Part of our project involves re-implementing a pre-tested algorithm that has been proven to classify songs accurately.
See A Bag-of-Tones Model with MFCC Features for Musical Genre Classification, Qin et. al.
This algorithm involves:
Transforming songs into sets of “tones” determined using Mel Frequency Cepstral (MFC) coefficients extracted from STFT windows
Using the tone composition of songs as a predictor variable for classification using machine learning.
The songs are partitioned into 30-second clips.
From each short-time Fourier Transform window (“point of sound”) of a clip, a vector of 42 MFC Coefficients is extracted.
The coefficient vectors from all of the training clips are clustered into 80 “tones” using k-means clustering.
Each clip is converted into a histogram of the tones it contains: a “bag of tones”. This is a feature vector of length 80.
A ML classifier is trained on the bags of tones and song categories.
For test clips, MFCC vectors are extracted and classified into tones using Euclidean distance from tone centroids.
The classifier predicts the classes of test songs from the test feature vectors.
First, the signal is converted into the frequency domain using a short-time Fourier Transform windowed by a Hamming window.
The spectrum is converted to absolute value.
Next, we must translate the frequency scale from Hz to Mel Frequency.
Mel frequency is equal to Hz for frequencies below 1000 Hz.
Above 1000 Hz the following logarithmic relation applies: Mel(f) = 1127 ln(1 + f/700)
The following triangular filter bank is used to convert the spectrum into Mel Frequency. The filter bank output is a vector of approximately 40 values, so the filter bank does a large amount of dimensionality reduction.
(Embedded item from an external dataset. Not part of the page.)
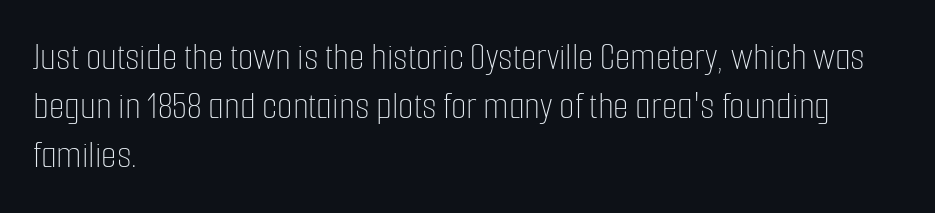
Designer's note — italics off, roman on. Each stroke keeps to a modest, everyday thickness or less. The letters sit at their default tracking, neither squeezed nor spread. Here the designer chose a conventional face with non-uniform glyph widths. Beneath every word, the page is bare. Line beginnings align vertically; line endings do not.

The final two steps in extracting MFCCs are a logarithm and then a Discrete Cosine Transform (DCT). The DCT is performed on the log of the filter bank output, constituting the final two operations to produce the cepstrum. In general, the cepstrum is defined as the "spectrum of the logarithm of the spectrum" of a signal.
The DCT output is truncated to give 13 output coefficients for each window, and the log of the energy of the window is appended to the output vector. In addition to these results, we use the derivatives (with respect to window number) of the output coefficients/log-energy. This gives a total of 42 coefficients per point of sound.
Figure: Triangular filter bank used to convert Hz to Mel Frequency
Once the tone histograms are extracted for each song, this boils down to a 3-class classification problem. We explored various algorithms for it, all implemented in MATLAB: Support Vector Machine (SVM), Naive Bayes Classifier (NB), and K-Nearest Neighbors (KNN). All of these have been covered in class.
We found that the classifier with the best accuracy was KNN with K = 1, i.e. a nearest neighbor classifier.